– Что там?
– Оброненное солнце, – говорит кто-то поэту.
И глянув на небо, он видит: действительно, там, где было солнце, -сквозная чёрная круглая дыра. Пробует всмотреться лучше, зорче… Силится шире раскрыть глаза; и глаза раскрываются: за окном позднее предполуденное утро. Птичий щебет. Колёсные лязги. На краешке стола всё то же письмо.
Перечитывание письма постепенно превращалось для поэта в мучительную, но неотвязную потребность. Он протянул руку к столу и ещё раз развернул вчетверо сложенный листик:
«…Пишу Вам в последний раз. Вы поэт (ну да, ну да) и всё равно ничего не поймёте: возвращаю кольцо и…»
От изумления поэт выронил листик. Поднял и стал вглядываться, то придвигая, то отодвигая буквы от глаз: слово «поэтому» исчезло из строки: «… ничего не поймёте». Двоеточие.
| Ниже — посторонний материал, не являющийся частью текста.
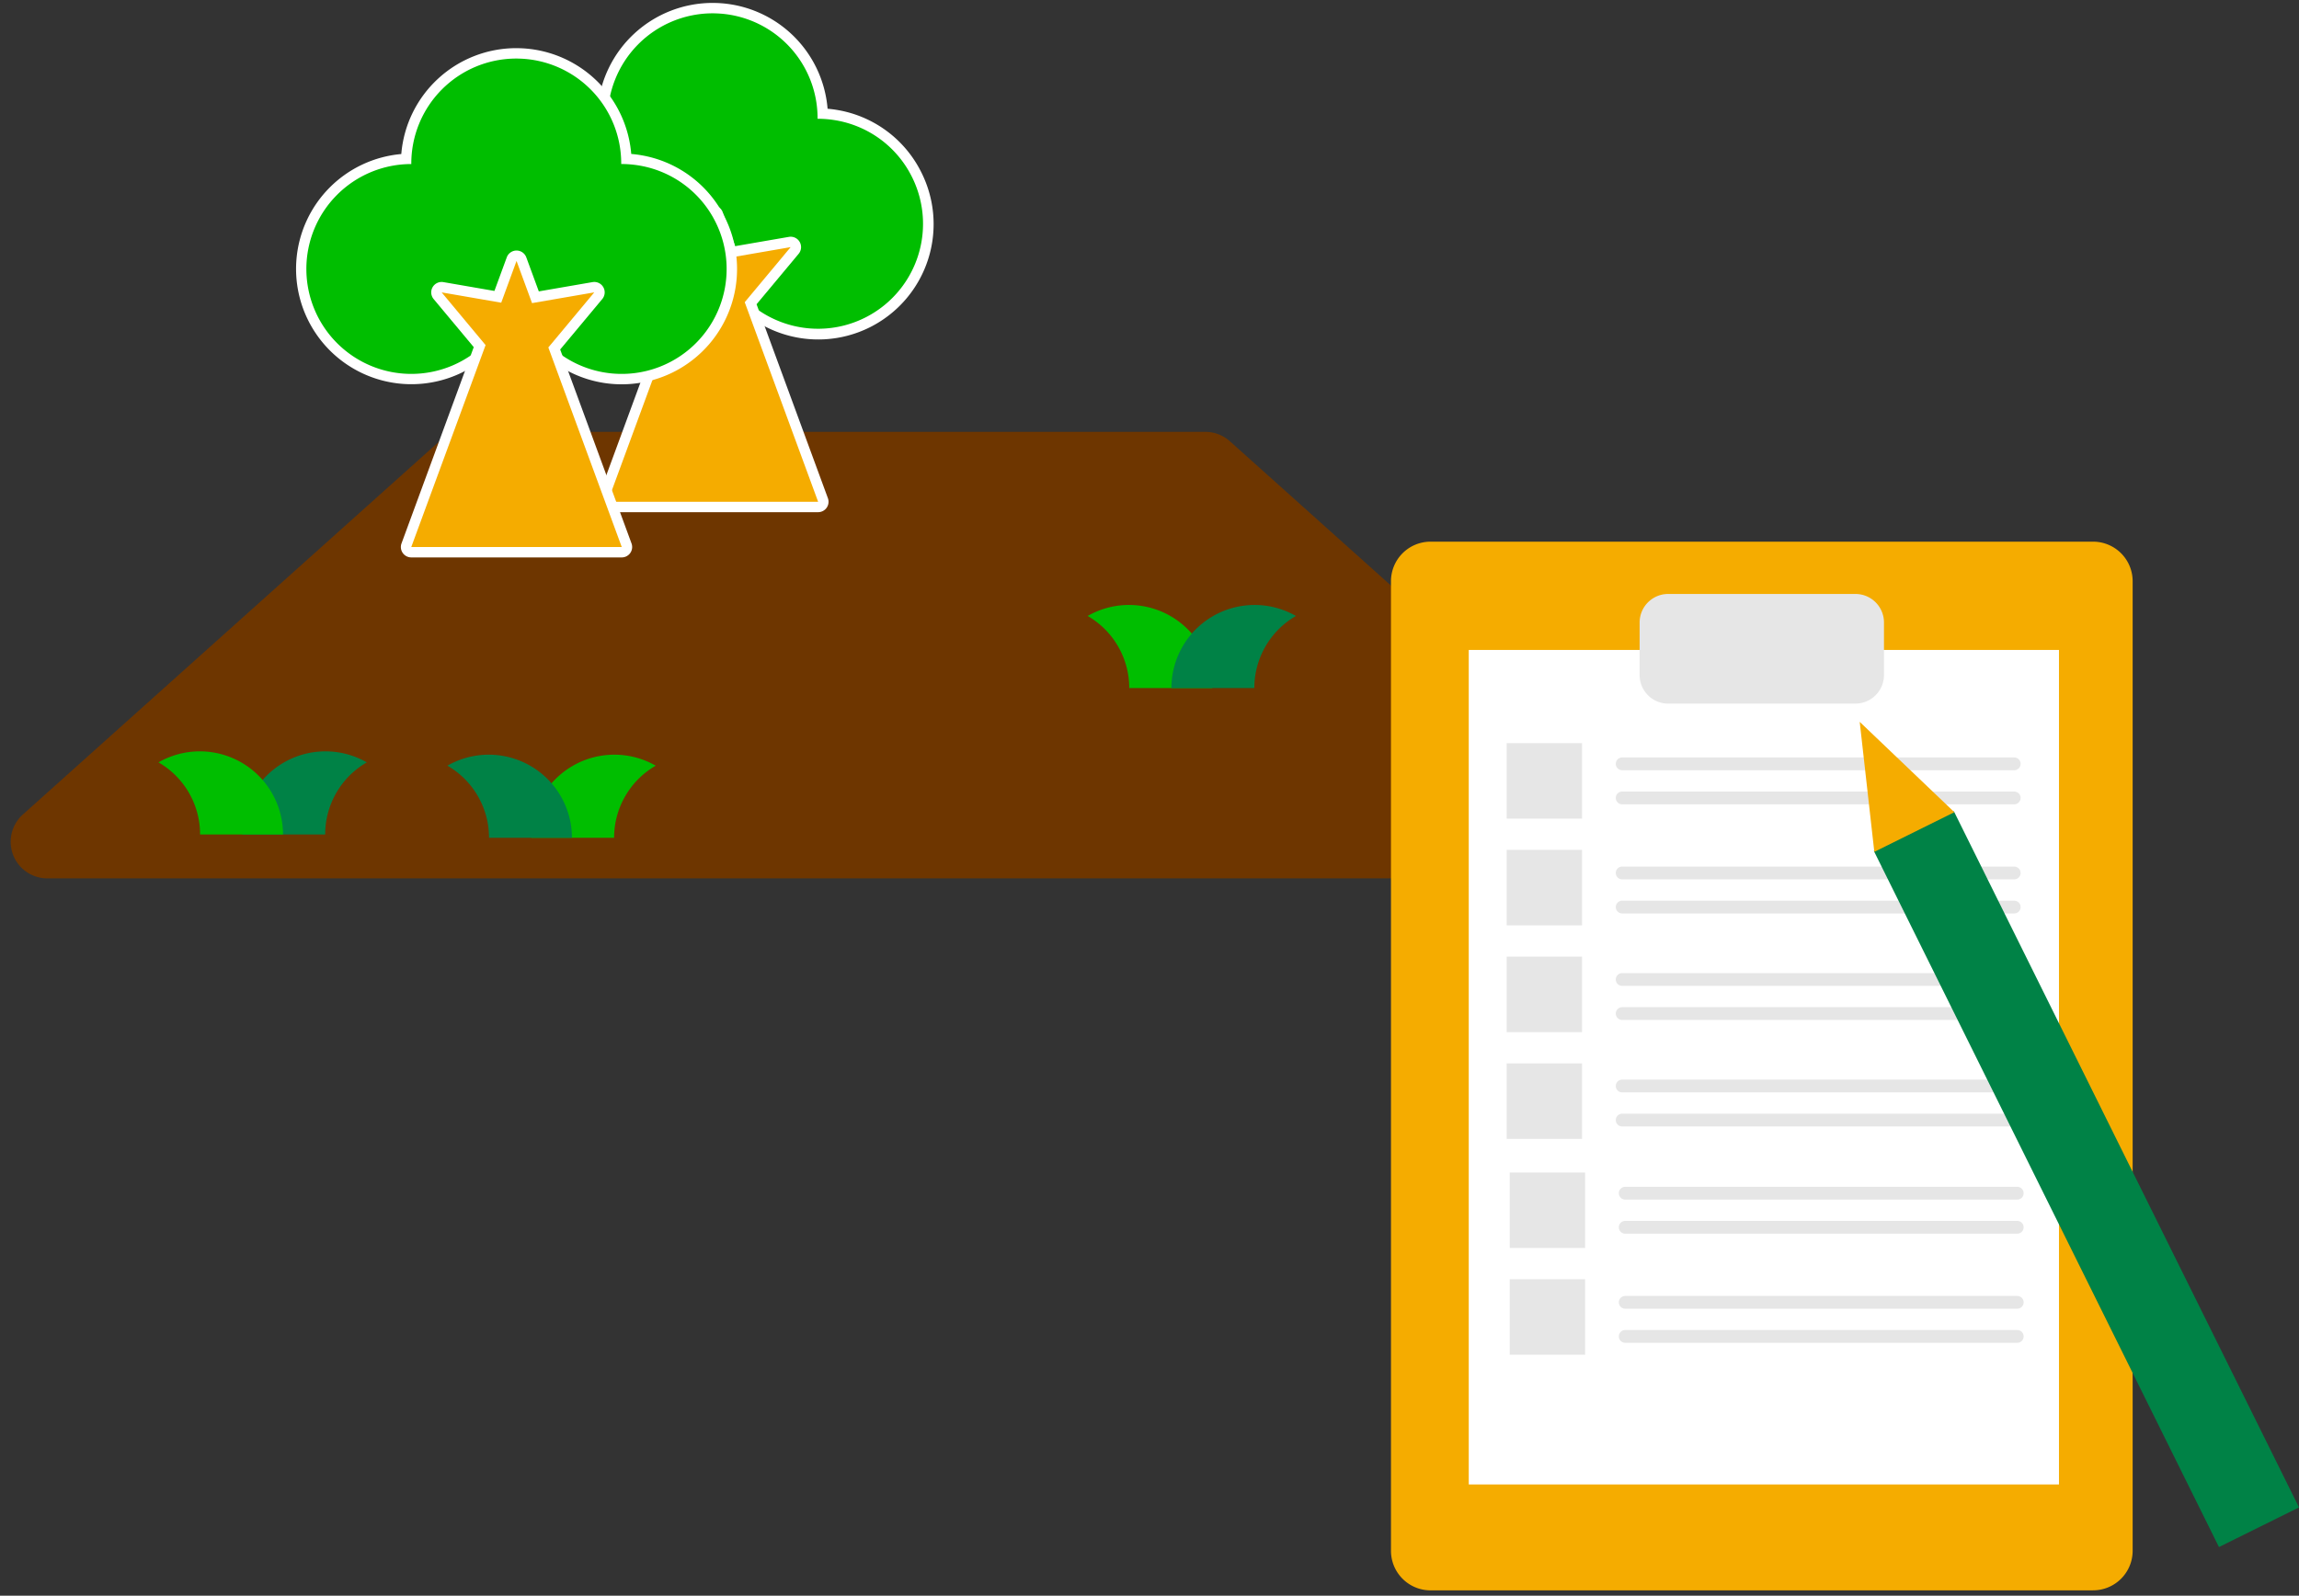 <svg xmlns="http://www.w3.org/2000/svg" xmlns:xlink="http://www.w3.org/1999/xlink" width="313.999" height="218" viewBox="0 0 313.999 218">
  <rect x="0" y="0" width="313.999" height="218" fill="#333333" stroke="none"/>
  <defs>
    <clipPath id="clip-path">
      <rect id="長方形_1400" data-name="長方形 1400" width="313.999" height="218" transform="translate(824)" fill="none"/>
    </clipPath>
  </defs>
  <g id="グループ_366" data-name="グループ 366" transform="translate(-824)" clip-path="url(#clip-path)">
    <path id="パス_563" data-name="パス 563" d="M1045.543,120H830.458a5,5,0,0,1-3.337-8.724l56.907-51A5,5,0,0,1,887.365,59H988.636a5.007,5.007,0,0,1,3.337,1.276l56.907,51a5,5,0,0,1-3.337,8.724" fill="#6e3600" fill-rule="evenodd"/>
    <path id="パス_564" data-name="パス 564" d="M935.745,45.606a15.046,15.046,0,0,1-14.382-10.579,15.044,15.044,0,1,1-15.062-19.5,15.046,15.046,0,0,1,15-14.422c.147,0,.294,0,.44.007a15.039,15.039,0,0,1,14.622,14.41,15.263,15.263,0,0,1,1.95.213,14.994,14.994,0,0,1,10.443,7.3s.172.305.224.406a15.046,15.046,0,0,1-13.239,22.165" fill="#00be00"/>
    <path id="パス_565" data-name="パス 565" d="M921.3,1.82c.14,0,.281,0,.421.007a14.327,14.327,0,0,1,13.944,14.4,14.628,14.628,0,0,1,2.526.217,14.289,14.289,0,0,1,9.95,6.952c.071.127.142.251.209.379A14.334,14.334,0,1,1,921.4,30.559v-.066h-.062v.066A14.336,14.336,0,1,1,907,16.226,14.338,14.338,0,0,1,921.3,1.82M921.3.4h0a15.755,15.755,0,0,0-15.673,14.465A15.753,15.753,0,1,0,921.369,37.04,15.756,15.756,0,1,0,949.6,23.094c-.045-.087-.1-.192-.164-.3l-.053-.095a15.716,15.716,0,0,0-10.95-7.661c-.459-.081-.927-.141-1.4-.181A15.748,15.748,0,0,0,921.764.406c-.151,0-.306-.007-.46-.007" fill="#fff"/>
    <path id="パス_566" data-name="パス 566" d="M906.994,69.262a.711.711,0,0,1-.667-.957l10.008-27.2-5.741-6.887a.711.711,0,0,1,.546-1.166.619.619,0,0,1,.121.011l7.551,1.306,1.891-5.144a.71.71,0,0,1,1.334,0l1.913,5.2,7.917-1.367a.626.626,0,0,1,.121-.011.711.711,0,0,1,.546,1.166l-6.011,7.21,9.885,26.878a.711.711,0,0,1-.667.956Z" fill="#f5ac00"/>
    <path id="パス_567" data-name="パス 567" d="M921.37,29.469l2.118,5.762,8.5-1.469-6.273,7.525,10.026,27.264H906.994l10.149-27.586-6-7.2,8.136,1.408Zm0-1.421h0a1.421,1.421,0,0,0-1.334.931l-1.686,4.588-6.968-1.205a1.421,1.421,0,0,0-1.334,2.31l5.478,6.572L905.66,68.06a1.421,1.421,0,0,0,1.334,1.912h28.747a1.421,1.421,0,0,0,1.334-1.912l-9.743-26.494,5.748-6.893a1.421,1.421,0,0,0-1.334-2.311l-7.333,1.267-1.709-4.65a1.421,1.421,0,0,0-1.334-.931" fill="#fff"/>
    <path id="パス_568" data-name="パス 568" d="M874.1,104.151A11.355,11.355,0,0,0,868.414,114H857.088a11.362,11.362,0,0,1,17.008-9.849" fill="#008246"/>
    <path id="パス_569" data-name="パス 569" d="M845.646,104.151A11.355,11.355,0,0,1,851.328,114h11.326a11.362,11.362,0,0,0-17.008-9.849" fill="#00be00"/>
    <path id="パス_570" data-name="パス 570" d="M972.551,84.151A11.355,11.355,0,0,1,978.233,94h11.326a11.362,11.362,0,0,0-17.008-9.849" fill="#00be00"/>
    <path id="パス_571" data-name="パス 571" d="M913.557,104.605a11.355,11.355,0,0,0-5.682,9.849H896.549a11.362,11.362,0,0,1,17.008-9.849" fill="#00be00"/>
    <path id="パス_572" data-name="パス 572" d="M885.108,104.605a11.355,11.355,0,0,1,5.682,9.849h11.326a11.362,11.362,0,0,0-17.008-9.849" fill="#008246"/>
    <path id="パス_573" data-name="パス 573" d="M1001,84.151A11.355,11.355,0,0,0,995.318,94H983.992A11.362,11.362,0,0,1,1001,84.151" fill="#008246"/>
    <path id="パス_574" data-name="パス 574" d="M1109.874,217.271h-90.493a5.405,5.405,0,0,1-5.4-5.406V79.4a5.405,5.405,0,0,1,5.4-5.4h90.493a5.405,5.405,0,0,1,5.405,5.4v132.46a5.405,5.405,0,0,1-5.405,5.406" fill="#f5ac00"/>
    <rect id="長方形_1392" data-name="長方形 1392" width="80.612" height="114.009" transform="translate(1024.603 88.793)" fill="#fff"/>
    <rect id="長方形_1393" data-name="長方形 1393" width="10.293" height="10.313" transform="translate(1029.784 101.526)" fill="#e6e6e6"/>
    <rect id="長方形_1394" data-name="長方形 1394" width="10.293" height="10.313" transform="translate(1029.784 116.11)" fill="#e6e6e6"/>
    <rect id="長方形_1395" data-name="長方形 1395" width="10.293" height="10.313" transform="translate(1029.784 130.693)" fill="#e6e6e6"/>
    <rect id="長方形_1396" data-name="長方形 1396" width="10.293" height="10.313" transform="translate(1029.784 145.277)" fill="#e6e6e6"/>
    <line id="線_1" data-name="線 1" x2="53.548" transform="translate(1045.556 104.354)" fill="none" stroke="#e6e6e6" stroke-linecap="round" stroke-miterlimit="10" stroke-width="1.746"/>
    <line id="線_2" data-name="線 2" x2="53.548" transform="translate(1045.556 109.01)" fill="none" stroke="#e6e6e6" stroke-linecap="round" stroke-miterlimit="10" stroke-width="1.746"/>
    <line id="線_3" data-name="線 3" x2="53.548" transform="translate(1045.556 119.262)" fill="none" stroke="#e6e6e6" stroke-linecap="round" stroke-miterlimit="10" stroke-width="1.746"/>
    <line id="線_4" data-name="線 4" x2="53.548" transform="translate(1045.556 123.919)" fill="none" stroke="#e6e6e6" stroke-linecap="round" stroke-miterlimit="10" stroke-width="1.746"/>
    <line id="線_5" data-name="線 5" x2="53.548" transform="translate(1045.556 133.814)" fill="none" stroke="#e6e6e6" stroke-linecap="round" stroke-miterlimit="10" stroke-width="1.746"/>
    <line id="線_6" data-name="線 6" x2="53.548" transform="translate(1045.556 138.47)" fill="none" stroke="#e6e6e6" stroke-linecap="round" stroke-miterlimit="10" stroke-width="1.746"/>
    <line id="線_7" data-name="線 7" x2="53.548" transform="translate(1045.556 148.365)" fill="none" stroke="#e6e6e6" stroke-linecap="round" stroke-miterlimit="10" stroke-width="1.746"/>
    <line id="線_8" data-name="線 8" x2="53.548" transform="translate(1045.556 153.021)" fill="none" stroke="#e6e6e6" stroke-linecap="round" stroke-miterlimit="10" stroke-width="1.746"/>
    <path id="パス_575" data-name="パス 575" d="M1077.415,96.126h-25.574a3.9,3.9,0,0,1-3.9-3.9V85.044a3.9,3.9,0,0,1,3.9-3.9h25.574a3.9,3.9,0,0,1,3.9,3.9v7.177a3.9,3.9,0,0,1-3.9,3.9" fill="#e6e6e6"/>
    <rect id="長方形_1397" data-name="長方形 1397" width="10.293" height="10.313" transform="translate(1030.199 160.183)" fill="#e6e6e6"/>
    <rect id="長方形_1398" data-name="長方形 1398" width="10.293" height="10.313" transform="translate(1030.199 174.767)" fill="#e6e6e6"/>
    <line id="線_9" data-name="線 9" x2="53.547" transform="translate(1045.971 163.011)" fill="none" stroke="#e6e6e6" stroke-linecap="round" stroke-miterlimit="10" stroke-width="1.746"/>
    <line id="線_10" data-name="線 10" x2="53.547" transform="translate(1045.971 167.668)" fill="none" stroke="#e6e6e6" stroke-linecap="round" stroke-miterlimit="10" stroke-width="1.746"/>
    <line id="線_11" data-name="線 11" x2="53.547" transform="translate(1045.971 177.92)" fill="none" stroke="#e6e6e6" stroke-linecap="round" stroke-miterlimit="10" stroke-width="1.746"/>
    <line id="線_12" data-name="線 12" x2="53.547" transform="translate(1045.971 182.576)" fill="none" stroke="#e6e6e6" stroke-linecap="round" stroke-miterlimit="10" stroke-width="1.746"/>
    <rect id="長方形_1399" data-name="長方形 1399" width="12.2" height="106.148" transform="translate(1079.929 116.248) rotate(-26.365)" fill="#008246"/>
    <path id="パス_576" data-name="パス 576" d="M1078,98.617l1.995,17.761,10.931-5.418Z" fill="#f5ac00"/>
    <path id="パス_577" data-name="パス 577" d="M908.924,51.786a15.046,15.046,0,0,1-14.382-10.579,15.044,15.044,0,1,1-15.063-19.5,15.047,15.047,0,0,1,15-14.422c.147,0,.295,0,.443.007A15.038,15.038,0,0,1,909.546,21.7a15.3,15.3,0,0,1,1.95.214,14.991,14.991,0,0,1,10.443,7.3s.171.3.224.407a15.046,15.046,0,0,1-13.239,22.165" fill="#00be00"/>
    <path id="パス_578" data-name="パス 578" d="M894.482,8c.141,0,.281,0,.421.007a14.325,14.325,0,0,1,13.944,14.4,14.628,14.628,0,0,1,2.526.217,14.289,14.289,0,0,1,9.95,6.952c.071.127.143.251.209.379a14.334,14.334,0,1,1-26.956,6.789v-.066h-.062v.066a14.335,14.335,0,1,1-14.338-14.333A14.338,14.338,0,0,1,894.482,8m0-1.421h0a15.755,15.755,0,0,0-15.673,14.465A15.753,15.753,0,1,0,894.547,43.22a15.756,15.756,0,1,0,28.236-13.946c-.045-.086-.1-.191-.163-.3l-.054-.1a15.716,15.716,0,0,0-10.95-7.661c-.459-.081-.927-.141-1.4-.181A15.748,15.748,0,0,0,894.942,6.586c-.151-.005-.306-.007-.46-.007" fill="#fff"/>
    <path id="パス_579" data-name="パス 579" d="M880.172,75.441a.711.711,0,0,1-.667-.957l10.008-27.2-5.74-6.886a.712.712,0,0,1,.667-1.156l7.551,1.307,1.89-5.144a.71.71,0,0,1,1.334,0l1.914,5.205,7.917-1.368a.711.711,0,0,1,.667,1.156L899.7,47.606l9.885,26.879a.71.71,0,0,1-.667.956Z" fill="#f5ac00"/>
    <path id="パス_580" data-name="パス 580" d="M894.548,35.649l2.118,5.762,8.5-1.469-6.273,7.525,10.026,27.264H880.172l10.149-27.586-6-7.2,8.136,1.408Zm0-1.421h0a1.421,1.421,0,0,0-1.334.931l-1.686,4.588-6.968-1.205a1.422,1.422,0,0,0-1.334,2.311l5.478,6.571L878.838,74.24a1.421,1.421,0,0,0,1.334,1.912h28.747a1.421,1.421,0,0,0,1.334-1.912L900.51,47.746l5.748-6.893a1.421,1.421,0,0,0-1.334-2.311l-7.333,1.267-1.709-4.65a1.421,1.421,0,0,0-1.334-.931" fill="#fff"/>
  </g>
</svg>

За двоеточием пустая синенькая линейка почтовой бумаги, длиной дюйма в два.
Поэт потрогал пальцем пробел в строке. Перевернул страницу: ему казалось, что «поэтому» прячется где-нибудь здесь, внутри письма. Но ни на обороте, ни в сгибах бумаги – ни черты, ни точечки. И в этот-то миг что-то колючее вдруг завозилось у него под левой ключицей – в том месте, где он привык ощущать сердце. Поэт побледнел и, прижав ладонь к груди, стал вслушиваться: теперь он ясно ощущал: что-то инородное шевелилось и беспокойно ползало внутри его сердца.
– К доктору, – и он представил себе насмешливо сощуренные глаза врача – «расскажите, как и что», – и вот рассказать, «как и что», он не решится.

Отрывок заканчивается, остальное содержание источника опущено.